As far as showing here in the US goes, I may never go to another show again. There are enough nut jobs and immature jerks in the US scene that it makes the thought of traveling five to six hundred miles much less than attractive. Still, it'd be nice to have other breeders closer to home; perhaps if we had a cluster of good people near the Twin Cities (Minneapolis-St. Paul) we'd meet just to exchange, trade, etc.

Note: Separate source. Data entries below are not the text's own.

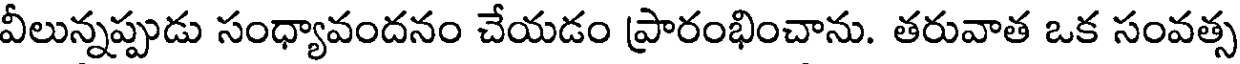
వీలున్నప్పుడు సంధ్యావందనం చేయడం ప్రారంభించాను. తరువాత ఒక సంవత్స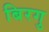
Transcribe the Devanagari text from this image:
बिरगु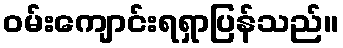
ဝမ်းကျောင်းရရှာပြန်သည်။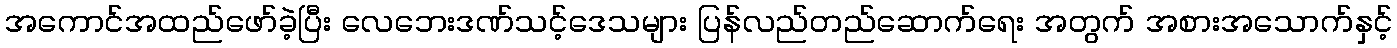
အကောင်အထည်ဖော်ခဲ့ပြီး လေဘေးဒဏ်သင့်ဒေသများ ပြန်လည်တည်ဆောက်ရေး အတွက် အစားအသောက်နှင့်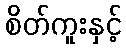
စိတ်ကူးနှင့်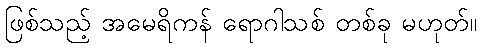
ဖြစ်သည့် အမေရိကန် ရောဂါသစ် တစ်ခု မဟုတ်။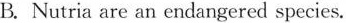
B.Nutria are an endangered species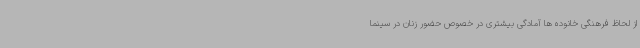
از لحاظ فرهنگی خانوده ها آمادگی بیشتری در خصوص حضور زنان در سینما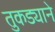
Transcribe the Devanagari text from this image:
तुकड्याने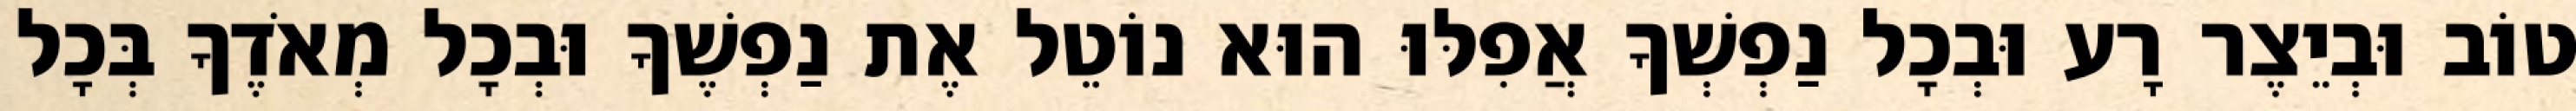
טוֹב וּבְיֵצֶר רָע וּבְכָל נַפְשְׁךָ אֲפִלּוּ הוּא נוֹטֵל אֶת נַפְשֶׁךָ וּבְכָל מְאֹדֶךָ בְּכָל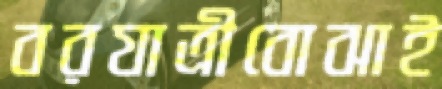
বরযাত্রীবোঝাই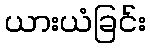
ယားယံခြင်း
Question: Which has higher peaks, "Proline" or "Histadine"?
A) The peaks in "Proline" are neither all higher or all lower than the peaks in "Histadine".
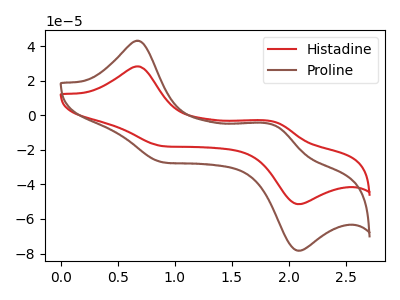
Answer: <think>The red curve "Histadine" has anodic peaks at (0.65V, 28.30uA) (1.85V, -3.45uA) and cathodic peaks at (0.90V, -17.95uA) (2.10V, -51.40uA). The brown curve "Proline" has anodic peaks at (0.65V, 43.10uA) (1.85V, -5.30uA) and cathodic peaks at (0.90V, -27.40uA) (2.10V, -78.35uA).</think>
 <answer>A) The peaks in "Proline" are neither all higher or all lower than the peaks in "Histadine".</answer>
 <eval>A</eval>

In that same vein, I wonder what happened to the mouse train that passed through here in April. Haven't been able to locate that breeder; all her stuff seems to have just gone up in smoke.


----------



## Loganberry (Oct 24, 2008)

For a new variety to be standardised in the NMC, it must not be too similar to any other variety already standardised - brindle and variegated are already too similar to splashed to get it standarised. While a few are for it, many are against it, so it's very unlikely it will happen, unfortunately. You say: "We have all 3 here, and they all have a very different standard." But then you add that: "Splashed is colour on colour, and variegated is colour on white, but they should look the same basically as far as distribution." So you've said it yourself - basically the same.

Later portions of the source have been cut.